Families have a life cycle too--a set of predictable stages that pretty much all families go through. Here's a well-accepted model of the family life cycle.

The Family Life Cycle

    1.   The young adult
    2.   Marriage
    3.   Family with young children
    4.   Family with adolescents
    5.   Launching children
    6.   "The family in later life."

Source: McGoldrick & Carter in Normal Family Processes, ed. by Froma Walsh

Note that the life cycle of the family is expressed in terms of developmental stages. The period within each stage is relatively calm and stable, evolutionary, characterized by what might be called "gentle growth." When the time approaches for a new stage to begin, the family system enters a transitional state that is almost revolutionary. The family system experiences intense pressure to restructure. What is the revolution about? 

Each stage focuses on the entry or exit of a family member into or out of the system. Whenever that happens, relationships have to shift and realign. Parents have to relate to adolescents with less control (less control--not "no control") than when the kids were younger, for example. Or think of how  things shifted in our earlier example when grandmother died. It is when families can't make the leap, can't see each other and connect with each other in new ways-- when they get stuck in a particular stage despite mounting pressure for change from individuals within and a multitude of forces outside the family--that's when they start to develop symptoms, and look for or get referred to family therapists.

Now remember that the family life cycle doesn't replace individual life cycles, so that as a son or daughter prepares to leave home by entering college, an older child may be getting married or having children. Meanwhile, parents may be aging, needing more from children and possibly dealing with one or more of the losses we tend to associate with aging:  loss of health, financial resources, mobility, or even the loss of a spouse. The nuclear family may have to adjust to support efforts to help aging parents. All of this occurs simultaneously with our growth as individuals, and with changes in the larger society.

The stage of leaving home (for the family, the launching of the single young adult) is the cornerstone--the beginning of the new life cycle. In Carter and McGoldrick's words (the originators of this life cycle model), how this transition is negotiated "most profoundly influences who, when, how, and whether the young adult will marry, and how they will carry out all succeeding stages of the life cycle."

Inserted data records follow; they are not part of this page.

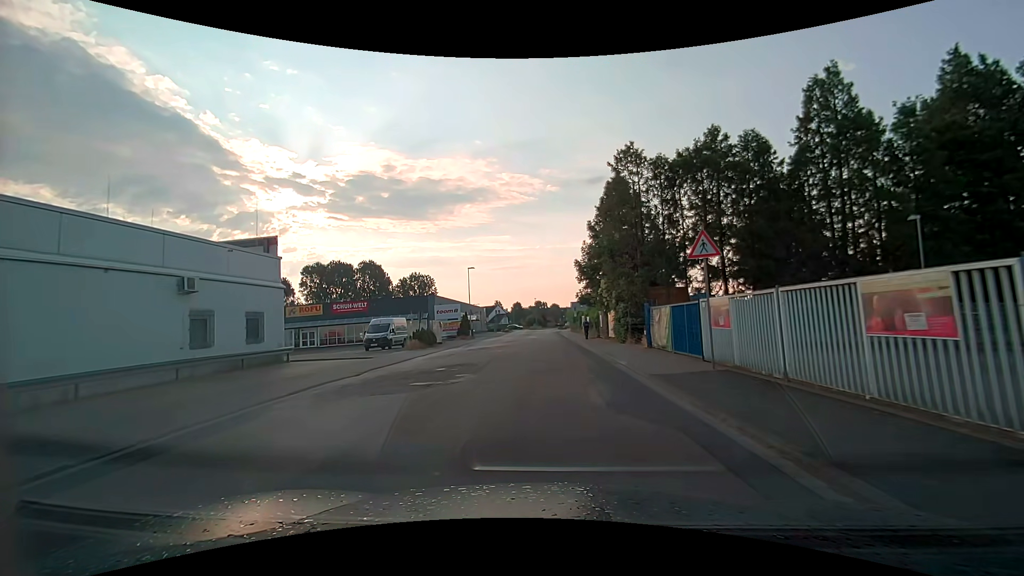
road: unclassified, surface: asphalt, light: Day
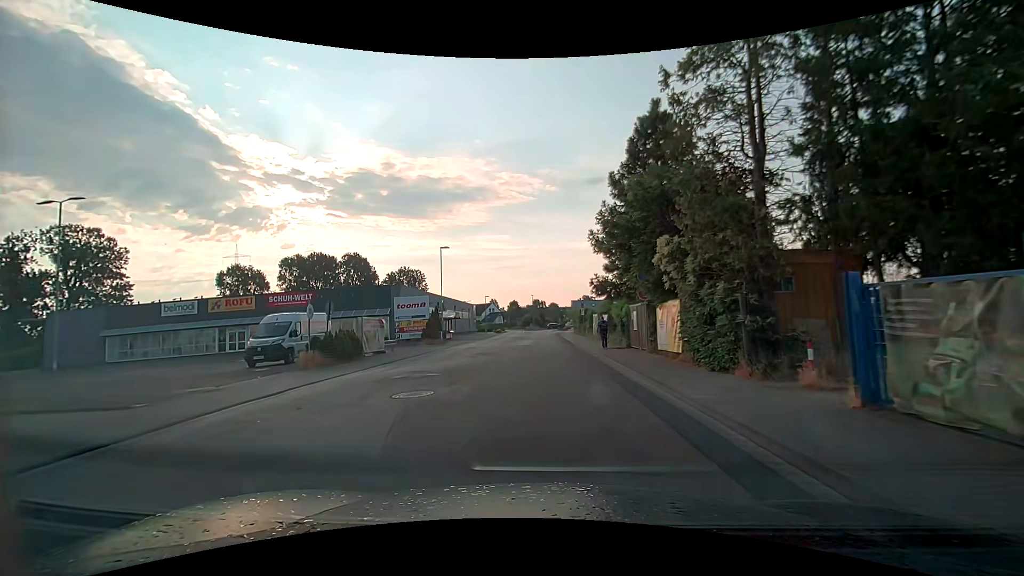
(0.0, +15.2) m; 0°
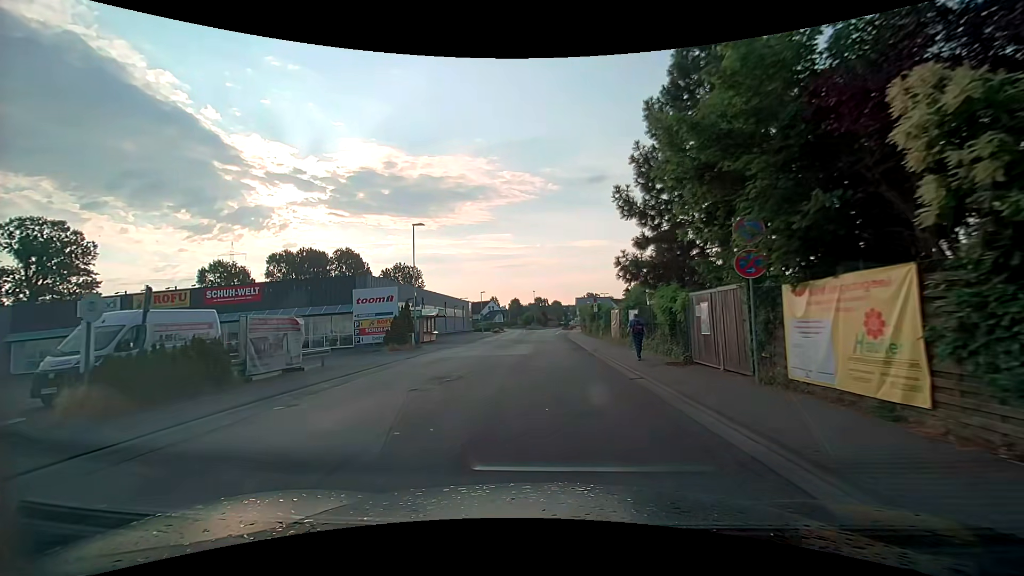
(0.0, +10.0) m; -1°
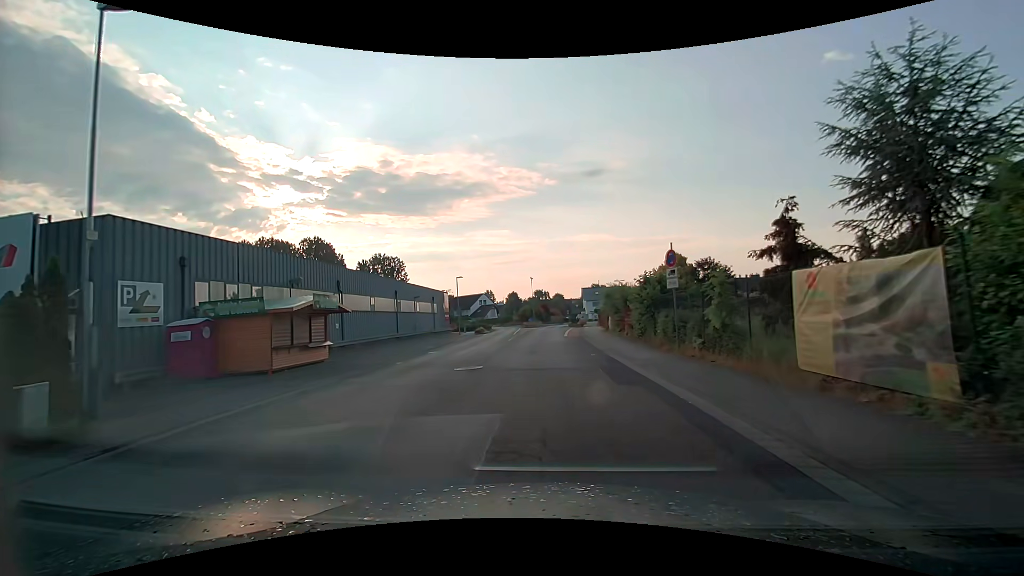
(+0.2, +24.0) m; +1°
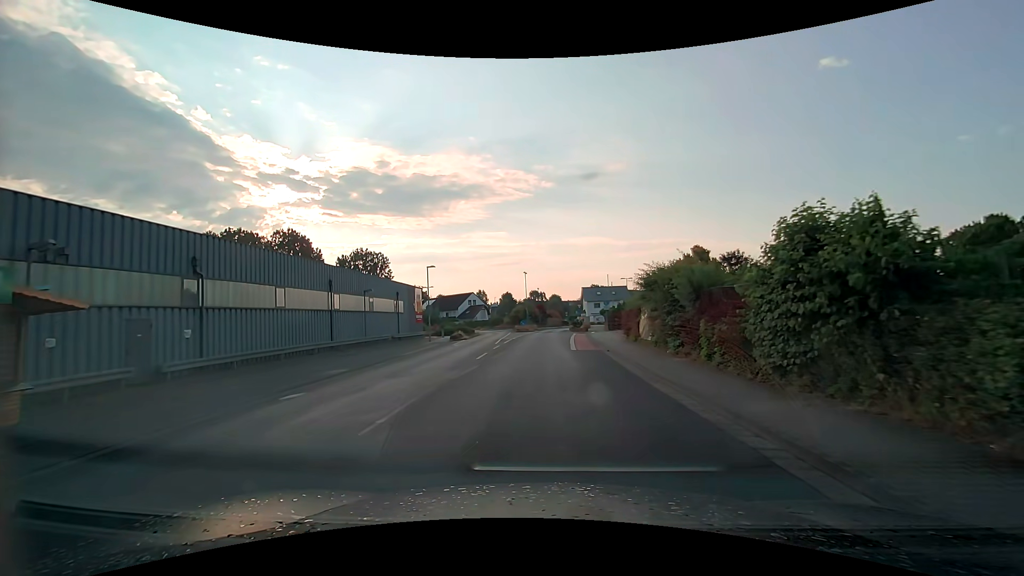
(-0.1, +13.9) m; 0°
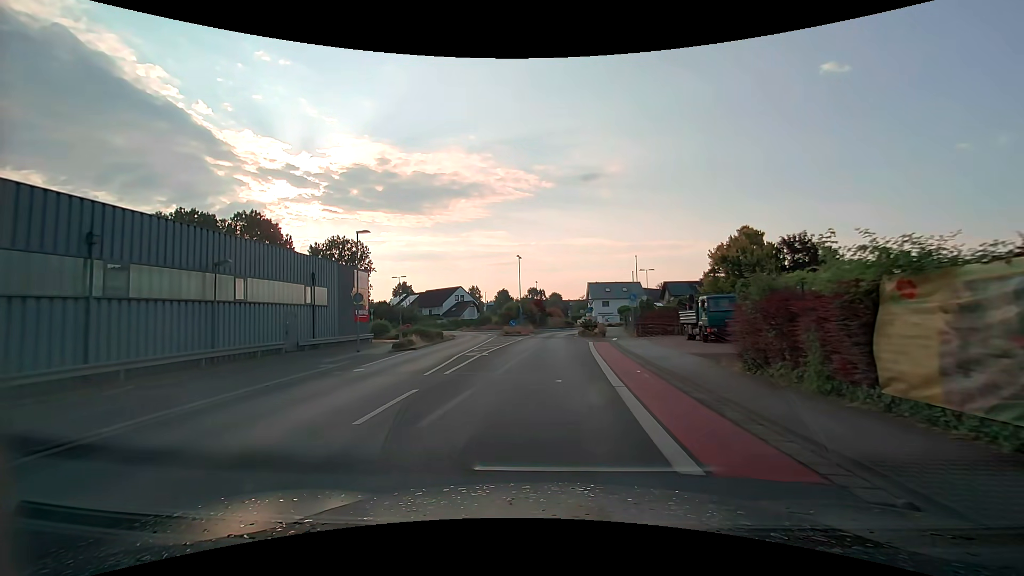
(0.0, +17.9) m; 0°
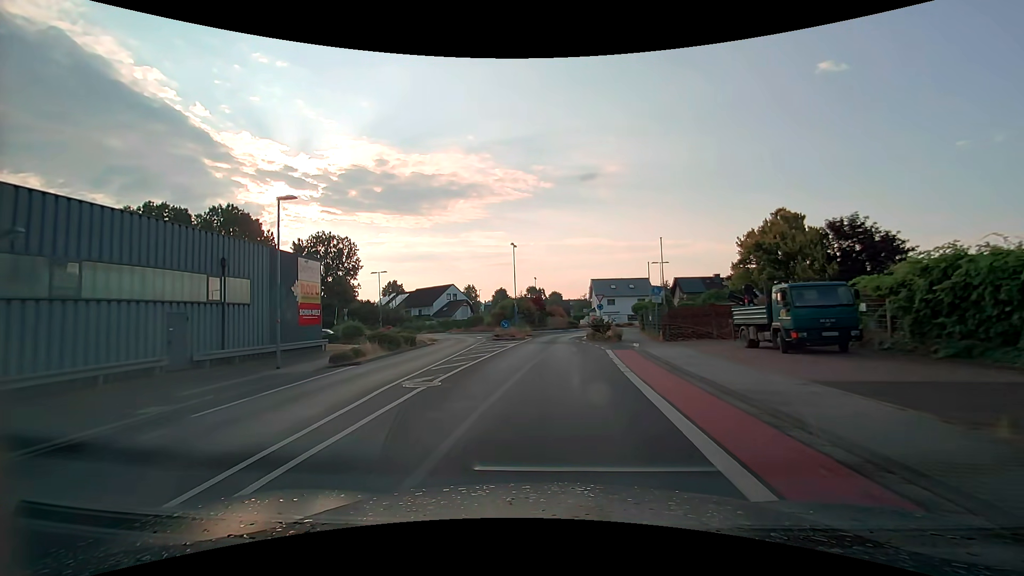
(0.0, +8.8) m; 0°
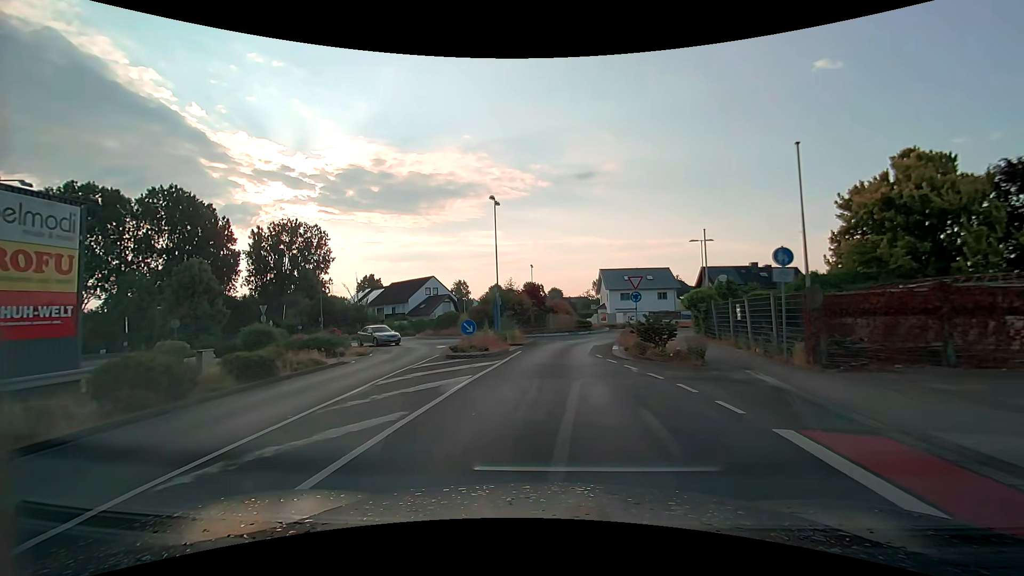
(+0.1, +17.0) m; 0°
(0, +10) (0, +20) (+2, +30) (+7, +39) (+9, +48) (+5, +57) (-5, +60) (-14, +55) (-23, +52) (-33, +52) m
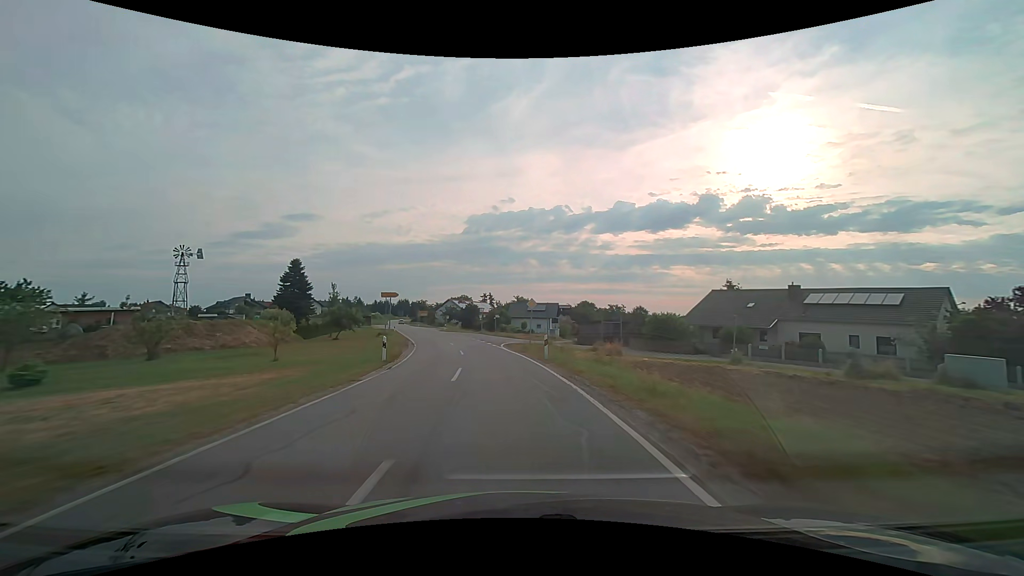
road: secondary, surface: asphalt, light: Day
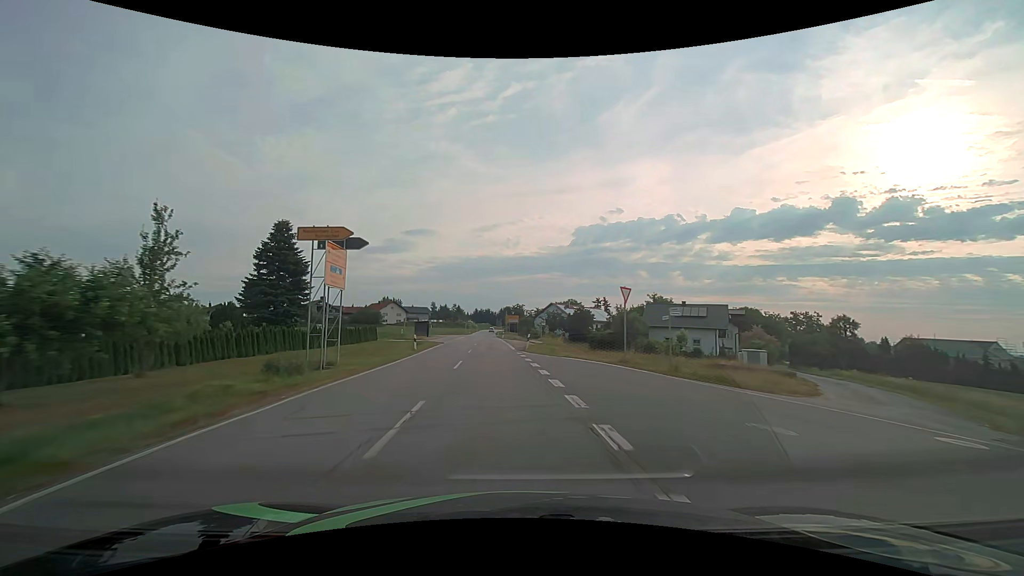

Finding a balance between retaining some control and responsibility, while being dispassionate, supportive, and respectful, isn't easy, especially when parents may feel judged and criticized by their children and others. This is a time of loss for the family--the loss of the child. Is it any wonder that both parents and children are ambivalent about letting go? Should we be surprised that this is an angry time for many families, when we know that a little anger makes goodbyes so much easier?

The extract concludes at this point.